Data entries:
────
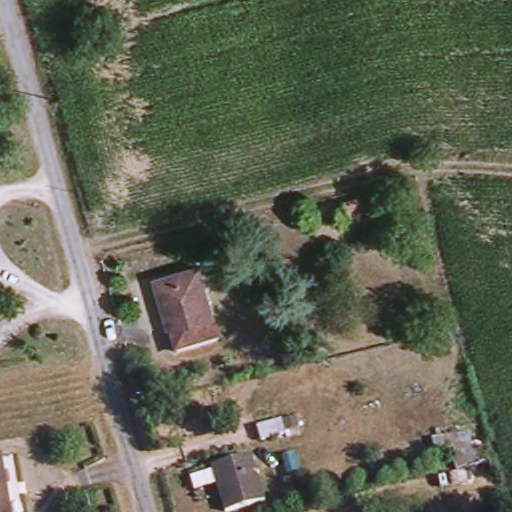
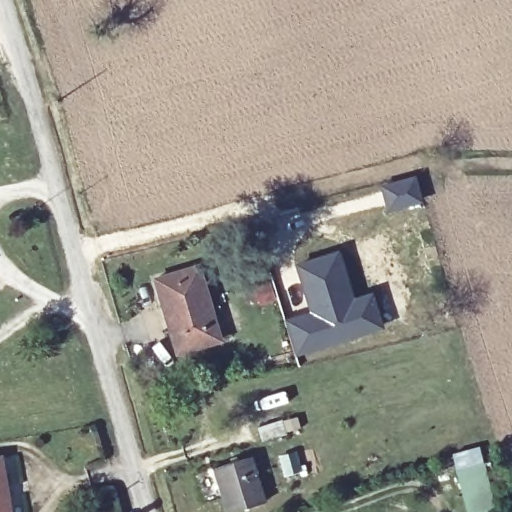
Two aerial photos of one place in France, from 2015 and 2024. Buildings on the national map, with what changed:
new [(415,173),(423,202),(387,211),(378,182),(415,173)]
unchanged [(353,228),(351,217),(362,214),(365,226),(353,228)]
new [(308,309),(292,262),(339,247),(355,295),(372,290),(383,327),(294,356),(282,318),(308,309)]
unchanged [(203,270),(223,342),(182,354),(162,282),(203,270)]
unchanged [(261,306),(253,280),(267,276),(274,302),(261,306)]
unchanged [(252,428),(275,422),(280,437),(257,444),(252,428)]
unchanged [(472,432),(482,463),(493,462),(501,490),(467,497),(449,438),(472,432)]
unchanged [(230,512),(217,465),(257,454),(269,501),(230,512)]
unchanged [(25,512),(0,512),(0,462),(16,460),(25,512)]

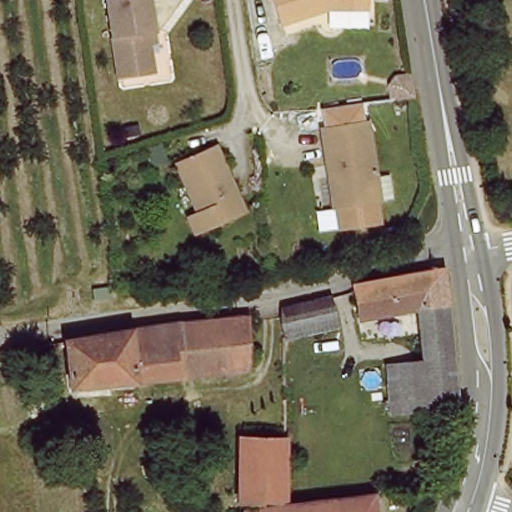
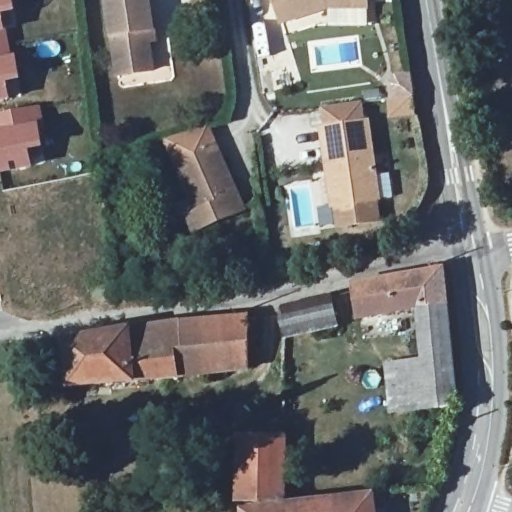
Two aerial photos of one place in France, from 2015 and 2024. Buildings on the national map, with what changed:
new [(16,12),(3,15),(12,55),(0,57),(0,0),(14,0),(16,12)]
unchanged [(152,42),(158,71),(123,79),(108,1),(114,0),(150,0),(156,31),(158,41),(152,42)]
unchanged [(285,34),(268,0),(367,0),(368,5),(356,6),(329,11),(285,34)]
new [(16,54),(22,81),(9,84),(11,99),(0,101),(0,57),(12,55),(16,54)]
new [(389,56),(404,54),(407,76),(384,80),(383,65),(389,56)]
new [(43,120),(40,121),(44,148),(30,151),(33,167),(0,173),(0,112),(39,104),(43,120)]
unchanged [(378,181),(378,205),(331,209),(330,175),(328,129),(338,128),(374,125),(378,181)]
unchanged [(202,213),(180,164),(219,145),(248,210),(209,228),(199,233),(192,218),(202,213)]
unchanged [(356,281),(443,269),(457,402),(451,403),(394,409),(389,363),(425,359),(419,310),(361,316),(356,287),(356,281)]
unchanged [(335,330),(289,337),(289,308),(293,308),(328,302),(335,330)]
unchanged [(256,363),(68,399),(63,375),(72,373),(67,346),(111,338),(188,324),(252,311),(256,363)]
unchanged [(279,490),(248,490),(246,452),(280,452),(279,490)]
unchanged [(277,512),(286,510),(351,500),(374,495),(376,512),(277,512)]

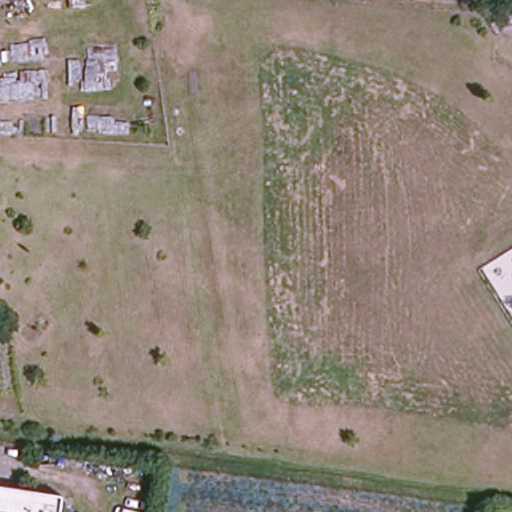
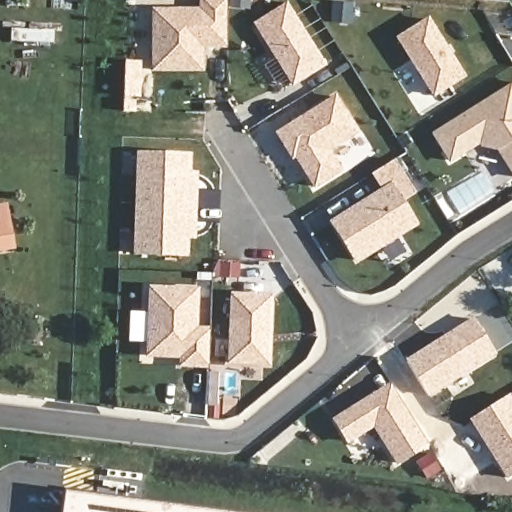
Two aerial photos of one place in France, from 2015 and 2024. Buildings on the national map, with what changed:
────
- [WHAT IS BEING ASKED]:
Although the records contain pictures, only the text should be copied, exactly as it stands.

- [TASK SOLUTION]:
Two aerial photos of one place in France, from 2015 and 2024. Buildings on the national map, with what changed:
new [(415,173),(423,202),(387,211),(378,182),(415,173)]
unchanged [(353,228),(351,217),(362,214),(365,226),(353,228)]
new [(308,309),(292,262),(339,247),(355,295),(372,290),(383,327),(294,356),(282,318),(308,309)]
unchanged [(203,270),(223,342),(182,354),(162,282),(203,270)]
unchanged [(261,306),(253,280),(267,276),(274,302),(261,306)]
unchanged [(252,428),(275,422),(280,437),(257,444),(252,428)]
unchanged [(472,432),(482,463),(493,462),(501,490),(467,497),(449,438),(472,432)]
unchanged [(230,512),(217,465),(257,454),(269,501),(230,512)]
unchanged [(25,512),(0,512),(0,462),(16,460),(25,512)]

Two aerial photos of one place in France, from 2015 and 2024. Buildings on the national map, with what changed:
new [(16,12),(3,15),(12,55),(0,57),(0,0),(14,0),(16,12)]
unchanged [(152,42),(158,71),(123,79),(108,1),(114,0),(150,0),(156,31),(158,41),(152,42)]
unchanged [(285,34),(268,0),(367,0),(368,5),(356,6),(329,11),(285,34)]
new [(16,54),(22,81),(9,84),(11,99),(0,101),(0,57),(12,55),(16,54)]
new [(389,56),(404,54),(407,76),(384,80),(383,65),(389,56)]
new [(43,120),(40,121),(44,148),(30,151),(33,167),(0,173),(0,112),(39,104),(43,120)]
unchanged [(378,181),(378,205),(331,209),(330,175),(328,129),(338,128),(374,125),(378,181)]
unchanged [(202,213),(180,164),(219,145),(248,210),(209,228),(199,233),(192,218),(202,213)]
unchanged [(356,281),(443,269),(457,402),(451,403),(394,409),(389,363),(425,359),(419,310),(361,316),(356,287),(356,281)]
unchanged [(335,330),(289,337),(289,308),(293,308),(328,302),(335,330)]
unchanged [(256,363),(68,399),(63,375),(72,373),(67,346),(111,338),(188,324),(252,311),(256,363)]
unchanged [(279,490),(248,490),(246,452),(280,452),(279,490)]
unchanged [(277,512),(286,510),(351,500),(374,495),(376,512),(277,512)]

Two aerial photos of one place in France, from 2015 and 2024. Buildings on the national map, with what changed:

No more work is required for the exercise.